Design systems specialist enabling teams to ship consistent high-impact products at scale.

April 2026

Rebuilding my website with AI as a collaborator

Not just a rebuild, but a shift in how I work—moving from doing everything manually to collaborating with AI to shape, refine, and ship faster.

For a long time, my website wasn’t really mine. Since years, my website has been running on WordPress with Semplice on top when it arrived on the market. It wasn’t perfect, but it got me started—online, visible, and constantly iterating on my portfolio and personal brand.

But the more I grew into design systems, into thinking about structure, scalability, and intent, the more that setup started to feel off. I was designing systems for a living—yet my own website was held together by themes, plugins, and decisions I didn’t fully control. At some point, that gap became too obvious to ignore.

So I decided to rebuild it from scratch.

I moved everything to a setup built around GitHub and Vercel, and for the first time, it actually feels like I own the thing. Not just visually—but structurally.

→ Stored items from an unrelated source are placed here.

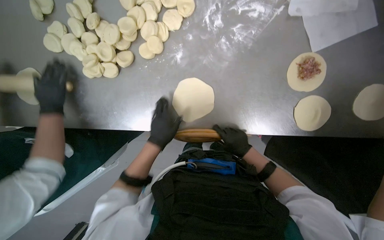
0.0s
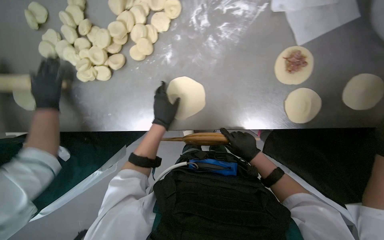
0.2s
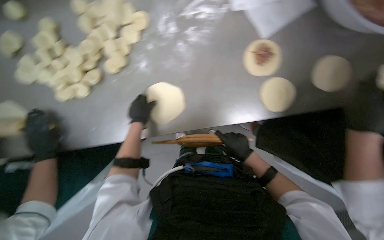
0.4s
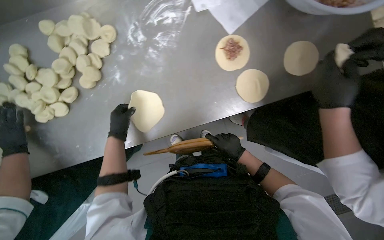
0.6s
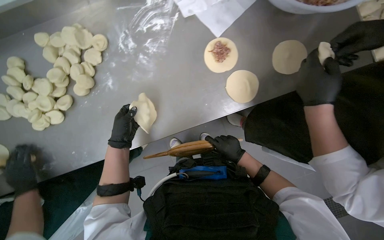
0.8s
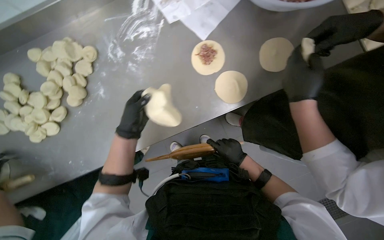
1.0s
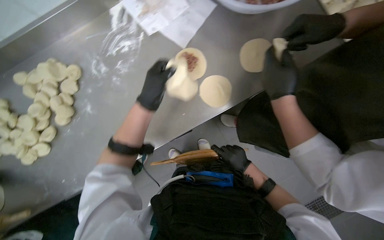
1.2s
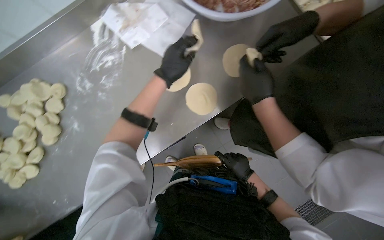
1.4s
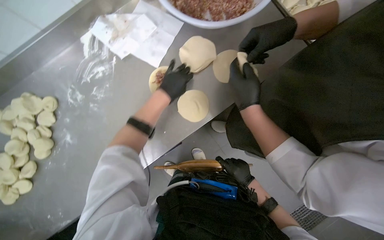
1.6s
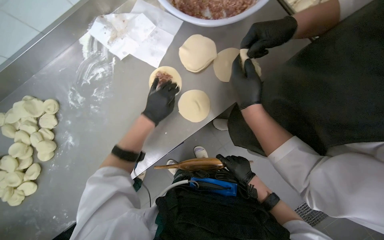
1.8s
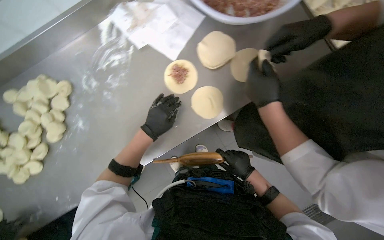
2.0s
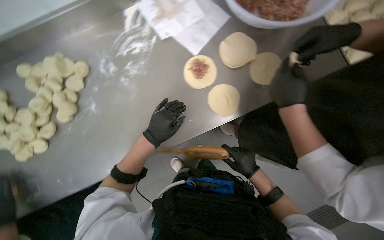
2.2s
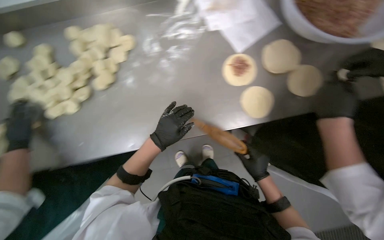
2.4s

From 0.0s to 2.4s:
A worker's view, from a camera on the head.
Job: preparing food.
The whole recording: Rolling dough circles. The worker uses a rolling pin to flatten small dough circles on the metal table.
From 0.0s to 1.2s: The scene turns approximately 30 degrees counterclockwise in the picture. The left hand shifts approximately 20 cm up the picture. Meanwhile the right hand shifts some 10 cm down the picture.

Yet in my professional environment, I’m used to working within design systems, staging environments, and structured coding workflows—Being able to do it for my own is a game changer when there’s no hidden layer.

It’s quieter, cleaner and more honest. I now own my design system end to end, with the flexibility to create, extend, and restructure content seamlessly through my headless CMS.

What surprised me the most though wasn’t just the tech shift—it was how I built it. This time, I didn’t do it alone. I started working in a more agentic way, using ChatGPT almost like a collaborator. Not to replace the work, but to accelerate the parts that usually slow you down. I decided against using Claude—ChatGPT and Codex simply align more naturally with the way I already work.

Instead of staring at a blank file, I could shape components through prompts. Instead of getting stuck in setup, I could move straight into refinement. Instead of separating design and code, I could blur the line between the two.

It changed the rhythm completely. Less friction. More flow. Fewer deviations. More time spent on decisions that actually matter.

I think that’s what this rebuild is really about. Not just moving away from WordPress. Not just “going custom.” It’s about alignment. The way I work, the way I think about systems, the way I design for others—it’s now reflected in my own space.

  • Everything is intentional.
  • Everything can evolve.
  • Nothing is locked.

It’s still early. There’s a lot I want to refine, push further, experiment with but for the first time in a while, the website doesn’t feel like something I maintain. It feels like something I build on.